Automating the Refinement of Reinforcement Learning Specifications
Tanmay Ambadkar, Đorđe Žikelić, Abhinav Verma
TL;DR
AutoSpec tackles under-specified reinforcement learning tasks by automatically refining coarse SpectRL specifications into sound, more informative refinements that guide learning. It introduces four refinement operators operating on abstract SpectRL graphs and demonstrates how a wrapper framework can iteratively improve policy satisfaction thresholds when integrated with DiRL and LSTS. The empirical results across 9-rooms, randomized grids, and PandaGym show notable gains in learnability and robustness, including in high-dimensional settings. This approach advances practical specification-guided RL by enabling automated, principled refinement of task specifications while acknowledging inherent limitations in completeness and exploration requirements.
Abstract
Logical specifications have been shown to help reinforcement learning algorithms in achieving complex tasks. However, when a task is under-specified, agents might fail to learn useful policies. In this work, we explore the possibility of improving coarse-grained logical specifications via an exploration-guided strategy. We propose \textsc{AutoSpec}, a framework that searches for a logical specification refinement whose satisfaction implies satisfaction of the original specification, but which provides additional guidance therefore making it easier for reinforcement learning algorithms to learn useful policies. \textsc{AutoSpec} is applicable to reinforcement learning tasks specified via the SpectRL specification logic.
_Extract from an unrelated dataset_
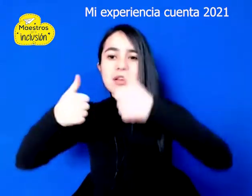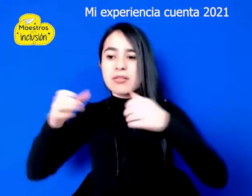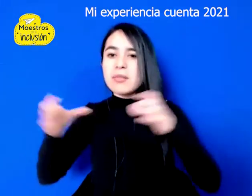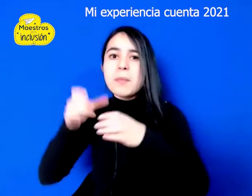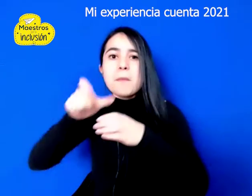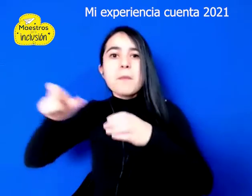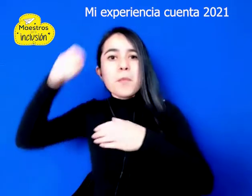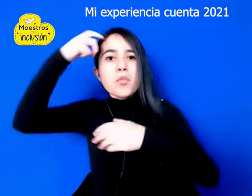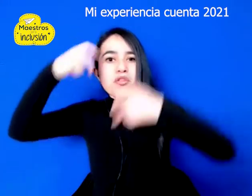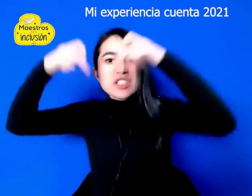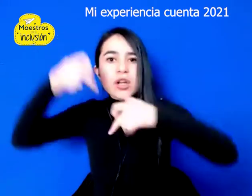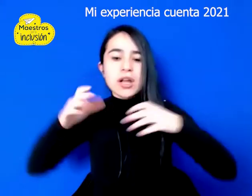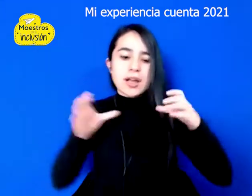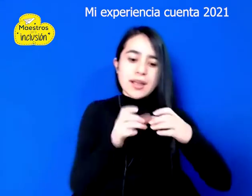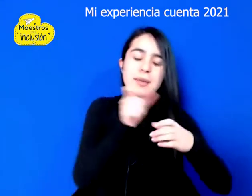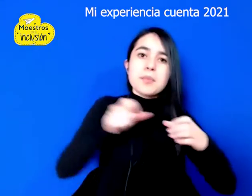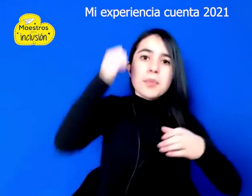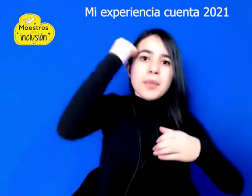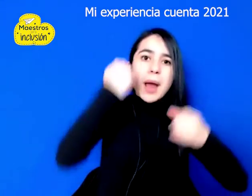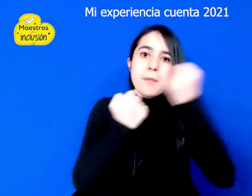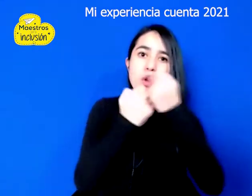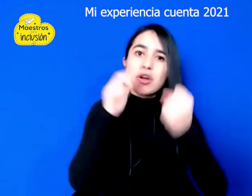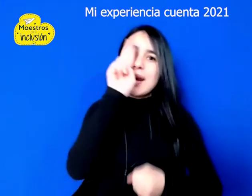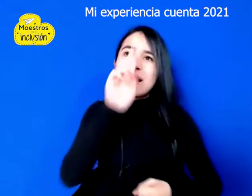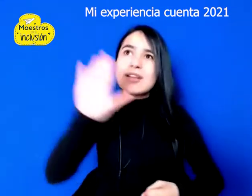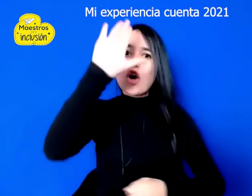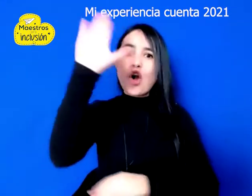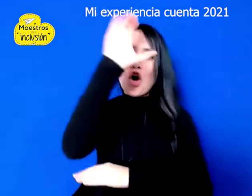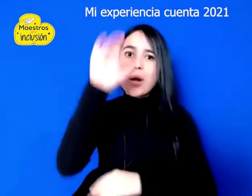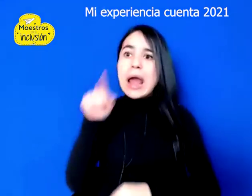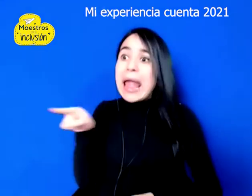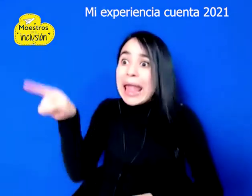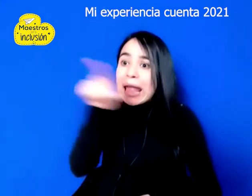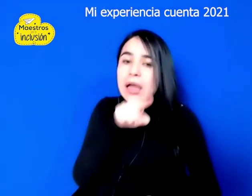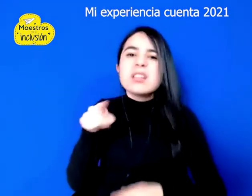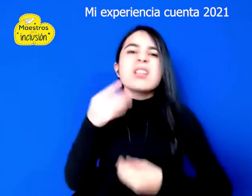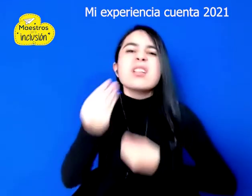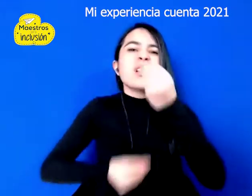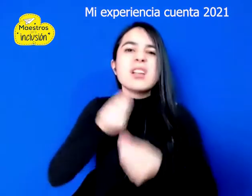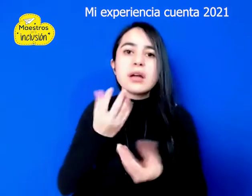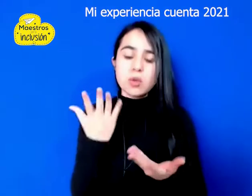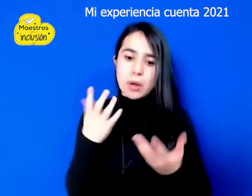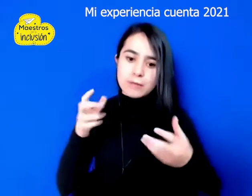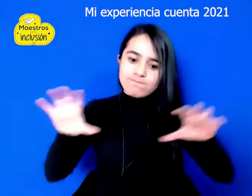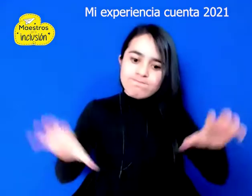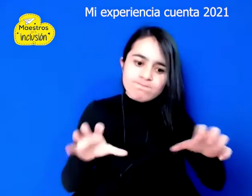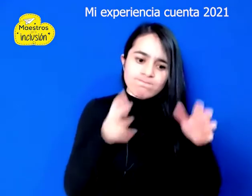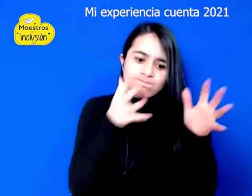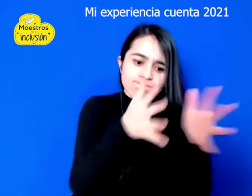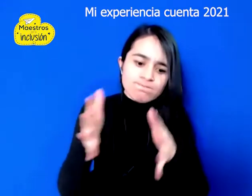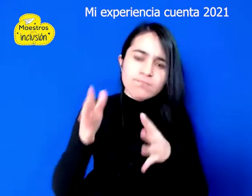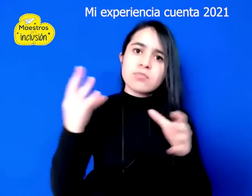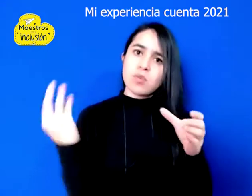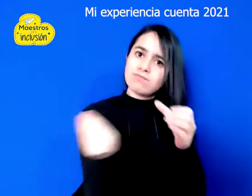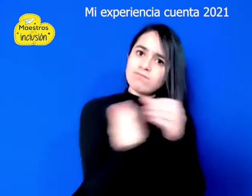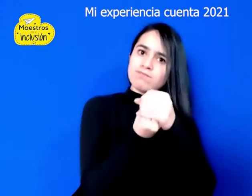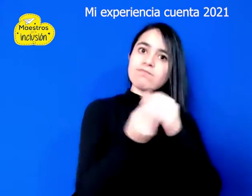profesionales y docentes de apoyo del país. Que han desarrollado sus prácticas inclusivas para promover el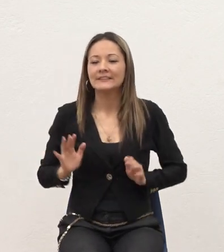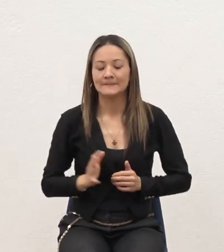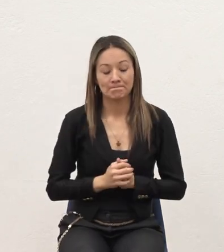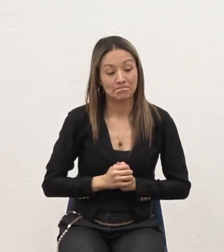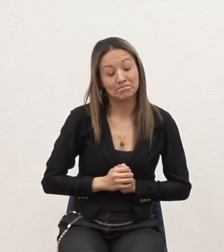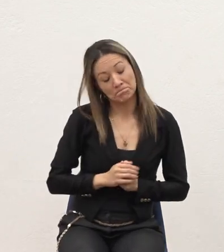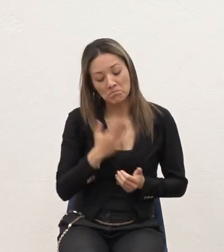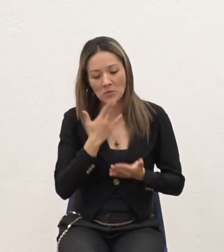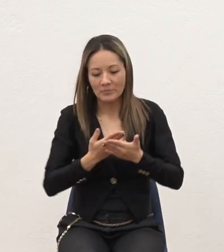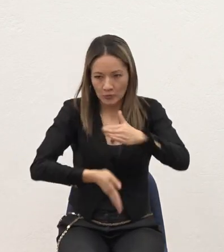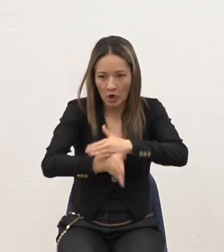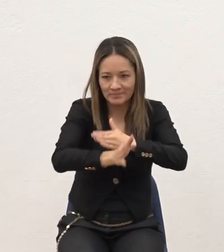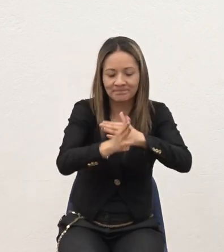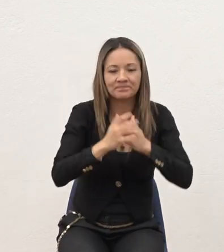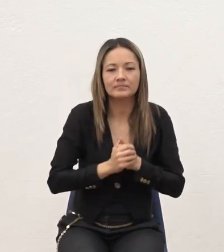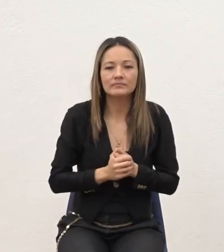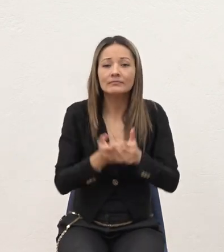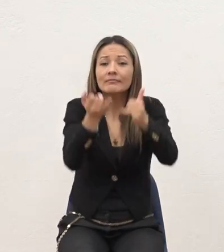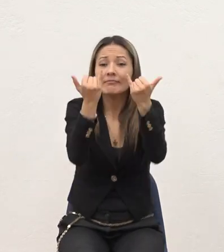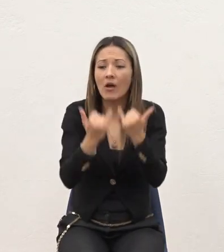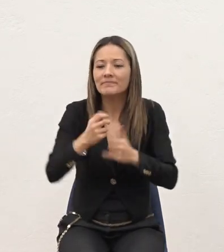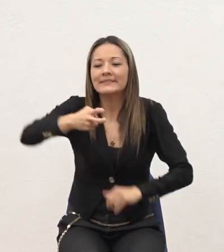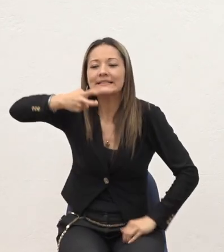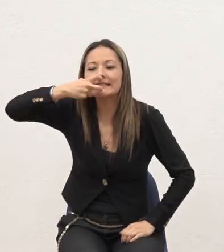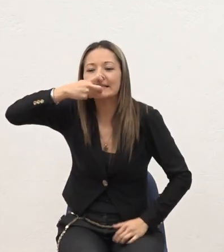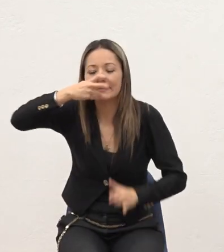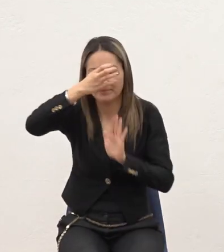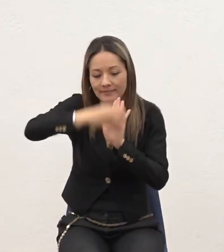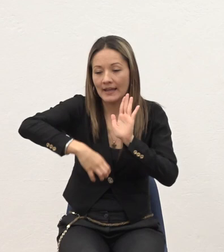Sigamos un momentito Entonces vamos ahora A Isaías 35 Del 1 del 4

We exploit the compositional nature of specifications written in SpectRL, and design four refinement procedures that modify the abstract graph of the specification by either refining its existing edge specifications or by introducing new edge specifications. We prove that all four procedures maintain specification soundness, i.e. any trajectory satisfying the refined specification also satisfies the original. We then show how \textsc{AutoSpec} can be integrated with existing reinforcement learning algorithms for learning policies from logical specifications. Our experiments demonstrate that \textsc{AutoSpec} yields promising improvements in terms of the complexity of control tasks that can be solved, when refined logical specifications produced by \textsc{AutoSpec} are utilized.